*What is required:*
Up to and including the line that holds "In plain terms, the", copy every line of the records below exactly, starting at the first; leave pictures out.
[Opening Entries supplied section]
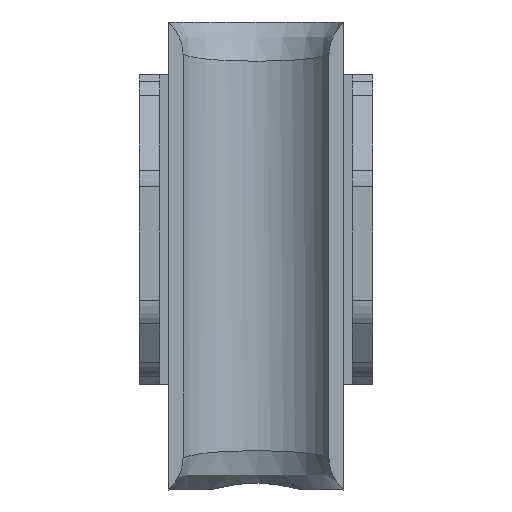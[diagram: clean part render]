
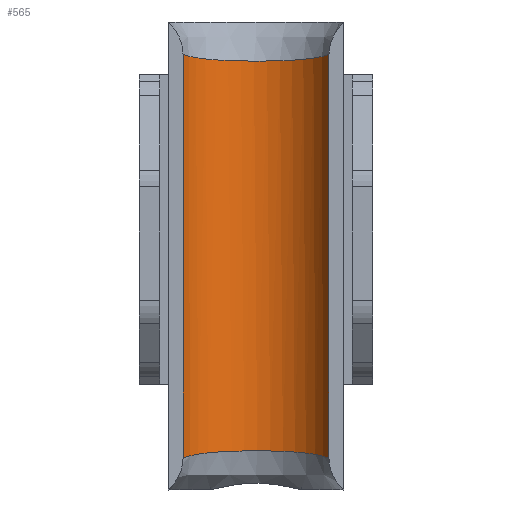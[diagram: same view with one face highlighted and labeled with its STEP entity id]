
A CAD part, front view. The second image highlights one B-rep face of the part: STEP entity #565.
In plain terms, the highlighted cylindrical face has radius 6 mm (diameter 12 mm), a partial arc.
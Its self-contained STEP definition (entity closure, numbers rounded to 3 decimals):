
#104 = EDGE_CURVE ( 'NONE', #1305, #581, #3645, .T. ) ;
#185 = CARTESIAN_POINT ( 'NONE',  ( -3.339, -1.007, -14.294 ) ) ;
#260 = CARTESIAN_POINT ( 'NONE',  ( -2.142, -0.369, -14.213 ) ) ;
#299 = CARTESIAN_POINT ( 'NONE',  ( 5.038, -2.73, 14.583 ) ) ;
#302 = VERTEX_POINT ( 'NONE', #2791 ) ;
#303 = EDGE_LOOP ( 'NONE', ( #4418, #2984, #742, #3920 ) ) ;
#325 = CARTESIAN_POINT ( 'NONE',  ( 5.181, -2.961, 14.63 ) ) ;
#347 = CARTESIAN_POINT ( 'NONE',  ( -4.551, -2.081, 14.462 ) ) ;
#367 = CARTESIAN_POINT ( 'NONE',  ( 0.555, 0., 14.172 ) ) ;
#385 = CARTESIAN_POINT ( 'NONE',  ( -1.083, -0.092, -14.181 ) ) ;
#565 = ADVANCED_FACE ( 'NONE', ( #4643 ), #2666, .F. ) ;
#581 = VERTEX_POINT ( 'NONE', #730 ) ;
#623 = CARTESIAN_POINT ( 'NONE',  ( -5.307, -3.2, -14.683 ) ) ;
#679 = DIRECTION ( 'NONE',  ( -1., 0., 0. ) ) ;
#730 = CARTESIAN_POINT ( 'NONE',  ( -5.307, -3.2, 14.683 ) ) ;
#734 = CARTESIAN_POINT ( 'NONE',  ( 3.571, -1.148, 14.313 ) ) ;
#742 = ORIENTED_EDGE ( 'NONE', *, *, #2563, .F. ) ;
#752 = DIRECTION ( 'NONE',  ( 0., 0., -1. ) ) ;
#778 = CARTESIAN_POINT ( 'NONE',  ( 5.307, -3.2, 14.683 ) ) ;
#964 = CARTESIAN_POINT ( 'NONE',  ( -4.551, -2.081, -14.462 ) ) ;
#1084 = CARTESIAN_POINT ( 'NONE',  ( 4.001, -1.497, -14.364 ) ) ;
#1112 = CARTESIAN_POINT ( 'NONE',  ( 5.307, -3.2, -14.683 ) ) ;
#1160 = CARTESIAN_POINT ( 'NONE',  ( 4.725, -2.292, -14.499 ) ) ;
#1231 = LINE ( 'NONE', #2399, #4290 ) ;
#1305 = VERTEX_POINT ( 'NONE', #4492 ) ;
#1485 = CARTESIAN_POINT ( 'NONE',  ( -5.181, -2.961, 14.63 ) ) ;
#1498 = LINE ( 'NONE', #4567, #2407 ) ;
#1507 = CARTESIAN_POINT ( 'NONE',  ( 4.554, -2.084, 14.462 ) ) ;
#1523 = CARTESIAN_POINT ( 'NONE',  ( 2.637, -0.604, -14.241 ) ) ;
#1577 = CARTESIAN_POINT ( 'NONE',  ( 5.181, -2.961, -14.63 ) ) ;
#1583 = CARTESIAN_POINT ( 'NONE',  ( -0.27, 0., 14.172 ) ) ;
#1741 = CARTESIAN_POINT ( 'NONE',  ( -5.039, -2.732, -14.583 ) ) ;
#1766 = CARTESIAN_POINT ( 'NONE',  ( -2.639, -0.584, -14.238 ) ) ;
#1884 = CARTESIAN_POINT ( 'NONE',  ( -0.542, -0.018, -14.174 ) ) ;
#1936 = CARTESIAN_POINT ( 'NONE',  ( -2.639, -0.584, 14.238 ) ) ;
#1959 = CARTESIAN_POINT ( 'NONE',  ( -5.039, -2.732, 14.583 ) ) ;
#2014 = B_SPLINE_CURVE_WITH_KNOTS ( 'NONE', 3,
 ( #623, #4929, #1741, #3759, #964, #2517, #4161, #4084, #185, #1766, #260, #4497, #385, #1884, #5067, #4592, #2236, #4617, #3831, #1523, #3804, #5021, #1084, #4975, #1160, #4280, #1577, #1112 ),
 .UNSPECIFIED., .F., .F.,
 ( 4, 2, 2, 2, 2, 2, 2, 2, 2, 2, 2, 2, 2, 4 ),
 ( 0., 0.001, 0.002, 0.002, 0.003, 0.005, 0.006, 0.007, 0.008, 0.009, 0.01, 0.011, 0.012, 0.013 ),
 .UNSPECIFIED. ) ;
#2236 = CARTESIAN_POINT ( 'NONE',  ( 1.091, -0.075, -14.179 ) ) ;
#2245 = CARTESIAN_POINT ( 'NONE',  ( -1.352, -0.148, 14.188 ) ) ;
#2297 = CARTESIAN_POINT ( 'NONE',  ( -3.984, -1.505, 14.367 ) ) ;
#2321 = CARTESIAN_POINT ( 'NONE',  ( 1.878, -0.295, 14.204 ) ) ;
#2340 = CARTESIAN_POINT ( 'NONE',  ( -0.542, -0.018, 14.174 ) ) ;
#2353 = EDGE_CURVE ( 'NONE', #3757, #302, #2014, .T. ) ;
#2399 = CARTESIAN_POINT ( 'NONE',  ( 5.307, -3.2, 17. ) ) ;
#2407 = VECTOR ( 'NONE', #4638, 1000. ) ;
#2517 = CARTESIAN_POINT ( 'NONE',  ( -4.181, -1.688, -14.396 ) ) ;
#2563 = EDGE_CURVE ( 'NONE', #1305, #302, #1231, .T. ) ;
#2647 = CARTESIAN_POINT ( 'NONE',  ( 2.877, -0.728, 14.257 ) ) ;
#2666 = CYLINDRICAL_SURFACE ( 'NONE', #2923, 6. ) ;
#2672 = CARTESIAN_POINT ( 'NONE',  ( -4.181, -1.688, 14.396 ) ) ;
#2791 = CARTESIAN_POINT ( 'NONE',  ( 5.307, -3.2, -14.683 ) ) ;
#2837 = EDGE_CURVE ( 'NONE', #581, #3757, #1498, .T. ) ;
#2923 = AXIS2_PLACEMENT_3D ( 'NONE', #3028, #752, #679 ) ;
#2984 = ORIENTED_EDGE ( 'NONE', *, *, #2353, .T. ) ;
#3028 = CARTESIAN_POINT ( 'NONE',  ( 0., -6., 17. ) ) ;
#3176 = DIRECTION ( 'NONE',  ( 0., 0., -1. ) ) ;
#3417 = CARTESIAN_POINT ( 'NONE',  ( 1.091, -0.075, 14.179 ) ) ;
#3440 = CARTESIAN_POINT ( 'NONE',  ( 4.725, -2.292, 14.499 ) ) ;
#3459 = CARTESIAN_POINT ( 'NONE',  ( -1.083, -0.092, 14.181 ) ) ;
#3483 = CARTESIAN_POINT ( 'NONE',  ( -3.564, -1.165, 14.316 ) ) ;
#3645 = B_SPLINE_CURVE_WITH_KNOTS ( 'NONE', 3,
 ( #778, #325, #299, #3440, #1507, #4694, #734, #2647, #4624, #3905, #2321, #3417, #367, #1583, #2340, #3459, #2245, #4263, #1936, #5028, #3483, #2297, #2672, #347, #3861, #1959, #1485, #4600 ),
 .UNSPECIFIED., .F., .F.,
 ( 4, 2, 2, 2, 2, 2, 2, 2, 2, 2, 2, 2, 2, 4 ),
 ( 0., 0.001, 0.002, 0.003, 0.004, 0.005, 0.007, 0.007, 0.008, 0.01, 0.011, 0.012, 0.012, 0.013 ),
 .UNSPECIFIED. ) ;
#3757 = VERTEX_POINT ( 'NONE', #5018 ) ;
#3759 = CARTESIAN_POINT ( 'NONE',  ( -4.724, -2.291, -14.499 ) ) ;
#3804 = CARTESIAN_POINT ( 'NONE',  ( 2.877, -0.728, -14.257 ) ) ;
#3831 = CARTESIAN_POINT ( 'NONE',  ( 2.138, -0.387, -14.215 ) ) ;
#3861 = CARTESIAN_POINT ( 'NONE',  ( -4.724, -2.291, 14.499 ) ) ;
#3905 = CARTESIAN_POINT ( 'NONE',  ( 2.138, -0.387, 14.215 ) ) ;
#3920 = ORIENTED_EDGE ( 'NONE', *, *, #104, .T. ) ;
#4084 = CARTESIAN_POINT ( 'NONE',  ( -3.564, -1.165, -14.316 ) ) ;
#4161 = CARTESIAN_POINT ( 'NONE',  ( -3.984, -1.505, -14.367 ) ) ;
#4263 = CARTESIAN_POINT ( 'NONE',  ( -2.142, -0.369, 14.213 ) ) ;
#4280 = CARTESIAN_POINT ( 'NONE',  ( 5.038, -2.73, -14.583 ) ) ;
#4290 = VECTOR ( 'NONE', #3176, 1000. ) ;
#4418 = ORIENTED_EDGE ( 'NONE', *, *, #2837, .T. ) ;
#4492 = CARTESIAN_POINT ( 'NONE',  ( 5.307, -3.2, 14.683 ) ) ;
#4497 = CARTESIAN_POINT ( 'NONE',  ( -1.352, -0.148, -14.188 ) ) ;
#4567 = CARTESIAN_POINT ( 'NONE',  ( -5.307, -3.2, 17. ) ) ;
#4592 = CARTESIAN_POINT ( 'NONE',  ( 0.555, 0., -14.172 ) ) ;
#4600 = CARTESIAN_POINT ( 'NONE',  ( -5.307, -3.2, 14.683 ) ) ;
#4617 = CARTESIAN_POINT ( 'NONE',  ( 1.878, -0.295, -14.204 ) ) ;
#4624 = CARTESIAN_POINT ( 'NONE',  ( 2.637, -0.604, 14.241 ) ) ;
#4638 = DIRECTION ( 'NONE',  ( 0., 0., -1. ) ) ;
#4643 = FACE_OUTER_BOUND ( 'NONE', #303, .T. ) ;
#4694 = CARTESIAN_POINT ( 'NONE',  ( 4.001, -1.497, 14.364 ) ) ;
#4929 = CARTESIAN_POINT ( 'NONE',  ( -5.181, -2.961, -14.63 ) ) ;
#4975 = CARTESIAN_POINT ( 'NONE',  ( 4.554, -2.084, -14.462 ) ) ;
#5018 = CARTESIAN_POINT ( 'NONE',  ( -5.307, -3.2, -14.683 ) ) ;
#5021 = CARTESIAN_POINT ( 'NONE',  ( 3.571, -1.148, -14.313 ) ) ;
#5028 = CARTESIAN_POINT ( 'NONE',  ( -3.339, -1.007, 14.294 ) ) ;
#5067 = CARTESIAN_POINT ( 'NONE',  ( -0.27, 0., -14.172 ) ) ;
[Closing Entries supplied section]
*Result for this exercise:*
[diagram: clean part render]
[diagram: same view with one face highlighted and labeled with its STEP entity id]
A CAD part, front view. The second image highlights one B-rep face of the part: STEP entity #565.
In plain terms, the highlighted cylindrical face has radius 6 mm (diameter 12 mm), a partial arc.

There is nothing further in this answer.